Abstract

Sing Singapore is a biennial, government-sponsored, mass-song competition held in this young island-state (est. 1965) in celebration of its national day with a view to fostering a pan-national identity among its multi-racial citizens of Chinese, Malay, Indian and Eurasian origins. Through press reports, personal experience and interviews with former participants of the competition-festival, this paper tracks the history and evolution of the music competition's aims over 14 years of its existence. Beginning as a propaganda campaign re-inventing ideas of modern Singapore through music in 1988, it has evolved from assembling – through essentializing attributes of folksongs or local songs – an artificial mosaic of the republic's individual ethnic groups, into an art-song choral competition and, eventually, a slick pop festival reminiscent of the Eurovision song contest.

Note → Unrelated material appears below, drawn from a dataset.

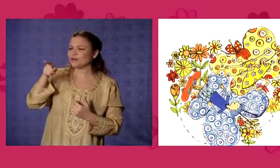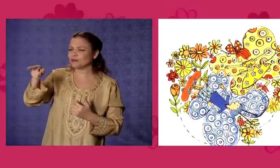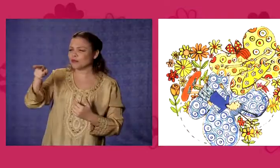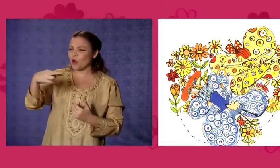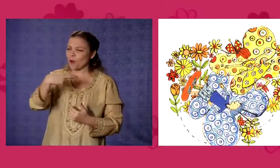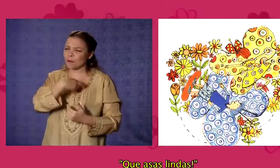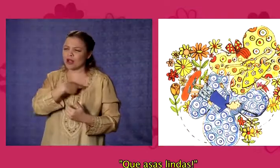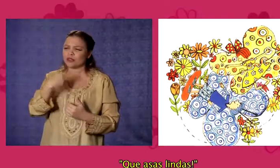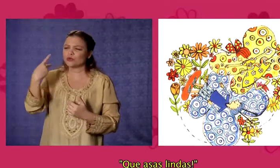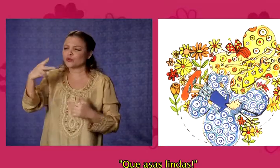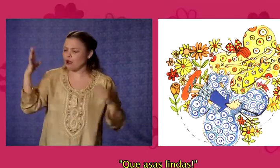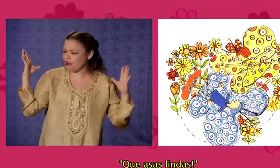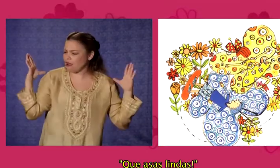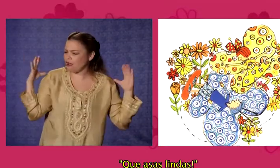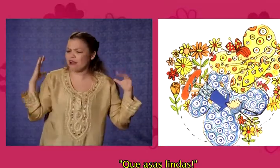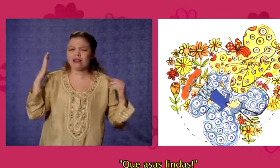Que asas lindas!

The trajectories taken by the song campaign reflect changing social-political beliefs on the engineering of race issues in multi-cultural Singapore. Reception of the campaign by its intended mass audience has been largely successful – if, however, successful beyond its intended aims. In the 1990s, the surfacing of alternative versions of official songs on the Internet featuring whimsical, ironic and self-deprecatory parodies show that Singaporeans had begun to appropriate the campaign for their own ideas of officially unacknowledged local identity – facets of which include government bashing. In recent years, in the hands of another generation of celebrants, the campaign has, through private and official singing events, moved beyond simple anti-government cynicism into the postmodern realm of embracing the “anti-cool”: propaganda-style forging of national identity through song has been embraced and celebrated for its sheer kitsch value.